── Data under study

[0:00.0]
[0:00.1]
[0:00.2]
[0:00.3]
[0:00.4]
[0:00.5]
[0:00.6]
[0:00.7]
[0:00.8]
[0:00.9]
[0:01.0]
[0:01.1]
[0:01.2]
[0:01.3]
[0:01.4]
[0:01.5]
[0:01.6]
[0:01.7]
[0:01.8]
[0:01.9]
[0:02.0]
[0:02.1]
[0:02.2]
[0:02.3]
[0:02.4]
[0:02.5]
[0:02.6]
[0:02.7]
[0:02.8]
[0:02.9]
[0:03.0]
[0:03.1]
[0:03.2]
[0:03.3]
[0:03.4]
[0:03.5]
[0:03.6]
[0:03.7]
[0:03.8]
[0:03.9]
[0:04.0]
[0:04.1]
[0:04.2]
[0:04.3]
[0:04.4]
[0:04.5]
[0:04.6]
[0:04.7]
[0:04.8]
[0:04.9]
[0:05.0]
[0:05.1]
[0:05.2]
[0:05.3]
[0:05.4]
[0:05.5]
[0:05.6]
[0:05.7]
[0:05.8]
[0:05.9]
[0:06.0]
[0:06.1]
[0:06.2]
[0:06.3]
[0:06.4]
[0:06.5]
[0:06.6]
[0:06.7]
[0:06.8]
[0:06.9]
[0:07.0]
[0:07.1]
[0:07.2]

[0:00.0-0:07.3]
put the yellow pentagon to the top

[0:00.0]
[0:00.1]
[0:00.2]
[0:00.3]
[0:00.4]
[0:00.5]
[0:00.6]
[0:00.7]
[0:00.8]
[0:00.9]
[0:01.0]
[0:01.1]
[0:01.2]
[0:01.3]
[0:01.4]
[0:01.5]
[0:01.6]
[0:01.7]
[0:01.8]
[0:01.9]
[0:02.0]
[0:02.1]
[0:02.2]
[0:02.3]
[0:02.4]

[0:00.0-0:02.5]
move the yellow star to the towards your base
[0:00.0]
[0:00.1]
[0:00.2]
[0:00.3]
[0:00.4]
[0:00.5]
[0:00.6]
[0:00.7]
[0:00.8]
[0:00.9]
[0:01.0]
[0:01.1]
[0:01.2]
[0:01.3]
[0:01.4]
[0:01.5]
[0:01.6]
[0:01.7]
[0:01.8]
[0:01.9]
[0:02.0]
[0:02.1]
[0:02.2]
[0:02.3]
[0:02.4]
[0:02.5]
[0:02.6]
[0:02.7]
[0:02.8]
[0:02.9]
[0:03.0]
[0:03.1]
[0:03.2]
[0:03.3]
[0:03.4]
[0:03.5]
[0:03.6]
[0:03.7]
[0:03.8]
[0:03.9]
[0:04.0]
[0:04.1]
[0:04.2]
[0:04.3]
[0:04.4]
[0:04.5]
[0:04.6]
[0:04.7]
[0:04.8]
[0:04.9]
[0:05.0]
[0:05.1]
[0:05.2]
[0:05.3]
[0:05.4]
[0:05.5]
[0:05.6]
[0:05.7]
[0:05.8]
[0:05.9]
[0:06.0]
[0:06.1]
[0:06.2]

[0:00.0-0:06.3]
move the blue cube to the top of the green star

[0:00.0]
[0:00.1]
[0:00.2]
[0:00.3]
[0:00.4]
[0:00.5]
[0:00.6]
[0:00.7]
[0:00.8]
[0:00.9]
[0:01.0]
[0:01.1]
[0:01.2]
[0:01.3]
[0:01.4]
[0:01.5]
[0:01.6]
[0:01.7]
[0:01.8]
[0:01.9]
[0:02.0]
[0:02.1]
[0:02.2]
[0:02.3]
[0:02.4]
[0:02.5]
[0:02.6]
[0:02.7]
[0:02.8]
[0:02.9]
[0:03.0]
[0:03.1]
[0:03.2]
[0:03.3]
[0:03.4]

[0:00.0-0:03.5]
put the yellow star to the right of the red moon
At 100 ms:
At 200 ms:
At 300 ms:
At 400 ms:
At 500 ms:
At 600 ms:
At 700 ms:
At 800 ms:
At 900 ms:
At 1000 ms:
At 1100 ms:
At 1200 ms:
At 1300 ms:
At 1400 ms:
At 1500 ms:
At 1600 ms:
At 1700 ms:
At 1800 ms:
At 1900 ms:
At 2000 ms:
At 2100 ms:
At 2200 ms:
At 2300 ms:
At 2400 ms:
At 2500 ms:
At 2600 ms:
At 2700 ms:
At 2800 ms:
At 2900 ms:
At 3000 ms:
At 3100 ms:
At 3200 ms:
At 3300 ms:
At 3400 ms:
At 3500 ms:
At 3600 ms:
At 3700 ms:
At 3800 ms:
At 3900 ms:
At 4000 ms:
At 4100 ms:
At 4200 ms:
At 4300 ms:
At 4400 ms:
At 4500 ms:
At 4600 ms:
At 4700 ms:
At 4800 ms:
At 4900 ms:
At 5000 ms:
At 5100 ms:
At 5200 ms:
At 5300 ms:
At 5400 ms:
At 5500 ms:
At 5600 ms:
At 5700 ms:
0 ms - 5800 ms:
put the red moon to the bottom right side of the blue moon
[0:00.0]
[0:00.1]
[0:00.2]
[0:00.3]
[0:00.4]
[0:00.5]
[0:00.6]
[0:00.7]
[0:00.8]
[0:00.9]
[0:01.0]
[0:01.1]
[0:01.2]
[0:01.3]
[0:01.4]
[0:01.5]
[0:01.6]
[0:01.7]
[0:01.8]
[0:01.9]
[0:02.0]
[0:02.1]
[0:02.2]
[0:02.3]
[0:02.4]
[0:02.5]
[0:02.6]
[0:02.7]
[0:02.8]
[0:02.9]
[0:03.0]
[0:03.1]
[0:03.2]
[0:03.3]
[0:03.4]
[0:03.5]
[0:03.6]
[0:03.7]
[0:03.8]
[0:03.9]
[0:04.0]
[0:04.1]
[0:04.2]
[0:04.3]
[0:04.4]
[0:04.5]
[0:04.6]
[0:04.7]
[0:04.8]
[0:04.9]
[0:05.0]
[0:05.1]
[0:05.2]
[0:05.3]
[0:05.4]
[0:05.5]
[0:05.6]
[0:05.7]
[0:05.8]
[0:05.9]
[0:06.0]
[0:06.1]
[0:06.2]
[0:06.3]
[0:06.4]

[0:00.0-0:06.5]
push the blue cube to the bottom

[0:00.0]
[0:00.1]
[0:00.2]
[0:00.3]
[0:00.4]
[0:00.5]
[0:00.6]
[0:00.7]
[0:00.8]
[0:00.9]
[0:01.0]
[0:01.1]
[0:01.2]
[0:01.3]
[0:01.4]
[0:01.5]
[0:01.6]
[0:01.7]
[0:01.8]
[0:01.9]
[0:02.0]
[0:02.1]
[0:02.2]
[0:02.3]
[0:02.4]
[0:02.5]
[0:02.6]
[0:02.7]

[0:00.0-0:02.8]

────

To do -> The data above must be returned in full, exactly as written.

Exercise output ->
[0:00.0]
[0:00.1]
[0:00.2]
[0:00.3]
[0:00.4]
[0:00.5]
[0:00.6]
[0:00.7]
[0:00.8]
[0:00.9]
[0:01.0]
[0:01.1]
[0:01.2]
[0:01.3]
[0:01.4]
[0:01.5]
[0:01.6]
[0:01.7]
[0:01.8]
[0:01.9]
[0:02.0]
[0:02.1]
[0:02.2]
[0:02.3]
[0:02.4]
[0:02.5]
[0:02.6]
[0:02.7]
[0:02.8]
[0:02.9]
[0:03.0]
[0:03.1]
[0:03.2]
[0:03.3]
[0:03.4]
[0:03.5]
[0:03.6]
[0:03.7]
[0:03.8]
[0:03.9]
[0:04.0]
[0:04.1]
[0:04.2]
[0:04.3]
[0:04.4]
[0:04.5]
[0:04.6]
[0:04.7]
[0:04.8]
[0:04.9]
[0:05.0]
[0:05.1]
[0:05.2]
[0:05.3]
[0:05.4]
[0:05.5]
[0:05.6]
[0:05.7]
[0:05.8]
[0:05.9]
[0:06.0]
[0:06.1]
[0:06.2]
[0:06.3]
[0:06.4]
[0:06.5]
[0:06.6]
[0:06.7]
[0:06.8]
[0:06.9]
[0:07.0]
[0:07.1]
[0:07.2]

[0:00.0-0:07.3]
put the yellow pentagon to the top

[0:00.0]
[0:00.1]
[0:00.2]
[0:00.3]
[0:00.4]
[0:00.5]
[0:00.6]
[0:00.7]
[0:00.8]
[0:00.9]
[0:01.0]
[0:01.1]
[0:01.2]
[0:01.3]
[0:01.4]
[0:01.5]
[0:01.6]
[0:01.7]
[0:01.8]
[0:01.9]
[0:02.0]
[0:02.1]
[0:02.2]
[0:02.3]
[0:02.4]

[0:00.0-0:02.5]
move the yellow star to the towards your base
[0:00.0]
[0:00.1]
[0:00.2]
[0:00.3]
[0:00.4]
[0:00.5]
[0:00.6]
[0:00.7]
[0:00.8]
[0:00.9]
[0:01.0]
[0:01.1]
[0:01.2]
[0:01.3]
[0:01.4]
[0:01.5]
[0:01.6]
[0:01.7]
[0:01.8]
[0:01.9]
[0:02.0]
[0:02.1]
[0:02.2]
[0:02.3]
[0:02.4]
[0:02.5]
[0:02.6]
[0:02.7]
[0:02.8]
[0:02.9]
[0:03.0]
[0:03.1]
[0:03.2]
[0:03.3]
[0:03.4]
[0:03.5]
[0:03.6]
[0:03.7]
[0:03.8]
[0:03.9]
[0:04.0]
[0:04.1]
[0:04.2]
[0:04.3]
[0:04.4]
[0:04.5]
[0:04.6]
[0:04.7]
[0:04.8]
[0:04.9]
[0:05.0]
[0:05.1]
[0:05.2]
[0:05.3]
[0:05.4]
[0:05.5]
[0:05.6]
[0:05.7]
[0:05.8]
[0:05.9]
[0:06.0]
[0:06.1]
[0:06.2]

[0:00.0-0:06.3]
move the blue cube to the top of the green star

[0:00.0]
[0:00.1]
[0:00.2]
[0:00.3]
[0:00.4]
[0:00.5]
[0:00.6]
[0:00.7]
[0:00.8]
[0:00.9]
[0:01.0]
[0:01.1]
[0:01.2]
[0:01.3]
[0:01.4]
[0:01.5]
[0:01.6]
[0:01.7]
[0:01.8]
[0:01.9]
[0:02.0]
[0:02.1]
[0:02.2]
[0:02.3]
[0:02.4]
[0:02.5]
[0:02.6]
[0:02.7]
[0:02.8]
[0:02.9]
[0:03.0]
[0:03.1]
[0:03.2]
[0:03.3]
[0:03.4]

[0:00.0-0:03.5]
put the yellow star to the right of the red moon
At 100 ms:
At 200 ms:
At 300 ms:
At 400 ms:
At 500 ms:
At 600 ms:
At 700 ms:
At 800 ms:
At 900 ms:
At 1000 ms:
At 1100 ms:
At 1200 ms:
At 1300 ms:
At 1400 ms:
At 1500 ms:
At 1600 ms:
At 1700 ms:
At 1800 ms:
At 1900 ms:
At 2000 ms:
At 2100 ms:
At 2200 ms:
At 2300 ms:
At 2400 ms:
At 2500 ms:
At 2600 ms:
At 2700 ms:
At 2800 ms:
At 2900 ms:
At 3000 ms:
At 3100 ms:
At 3200 ms:
At 3300 ms:
At 3400 ms:
At 3500 ms:
At 3600 ms:
At 3700 ms:
At 3800 ms:
At 3900 ms:
At 4000 ms:
At 4100 ms:
At 4200 ms:
At 4300 ms:
At 4400 ms:
At 4500 ms:
At 4600 ms:
At 4700 ms:
At 4800 ms:
At 4900 ms:
At 5000 ms:
At 5100 ms:
At 5200 ms:
At 5300 ms:
At 5400 ms:
At 5500 ms:
At 5600 ms:
At 5700 ms:
0 ms - 5800 ms:
put the red moon to the bottom right side of the blue moon
[0:00.0]
[0:00.1]
[0:00.2]
[0:00.3]
[0:00.4]
[0:00.5]
[0:00.6]
[0:00.7]
[0:00.8]
[0:00.9]
[0:01.0]
[0:01.1]
[0:01.2]
[0:01.3]
[0:01.4]
[0:01.5]
[0:01.6]
[0:01.7]
[0:01.8]
[0:01.9]
[0:02.0]
[0:02.1]
[0:02.2]
[0:02.3]
[0:02.4]
[0:02.5]
[0:02.6]
[0:02.7]
[0:02.8]
[0:02.9]
[0:03.0]
[0:03.1]
[0:03.2]
[0:03.3]
[0:03.4]
[0:03.5]
[0:03.6]
[0:03.7]
[0:03.8]
[0:03.9]
[0:04.0]
[0:04.1]
[0:04.2]
[0:04.3]
[0:04.4]
[0:04.5]
[0:04.6]
[0:04.7]
[0:04.8]
[0:04.9]
[0:05.0]
[0:05.1]
[0:05.2]
[0:05.3]
[0:05.4]
[0:05.5]
[0:05.6]
[0:05.7]
[0:05.8]
[0:05.9]
[0:06.0]
[0:06.1]
[0:06.2]
[0:06.3]
[0:06.4]

[0:00.0-0:06.5]
push the blue cube to the bottom

[0:00.0]
[0:00.1]
[0:00.2]
[0:00.3]
[0:00.4]
[0:00.5]
[0:00.6]
[0:00.7]
[0:00.8]
[0:00.9]
[0:01.0]
[0:01.1]
[0:01.2]
[0:01.3]
[0:01.4]
[0:01.5]
[0:01.6]
[0:01.7]
[0:01.8]
[0:01.9]
[0:02.0]
[0:02.1]
[0:02.2]
[0:02.3]
[0:02.4]
[0:02.5]
[0:02.6]
[0:02.7]

[0:00.0-0:02.8]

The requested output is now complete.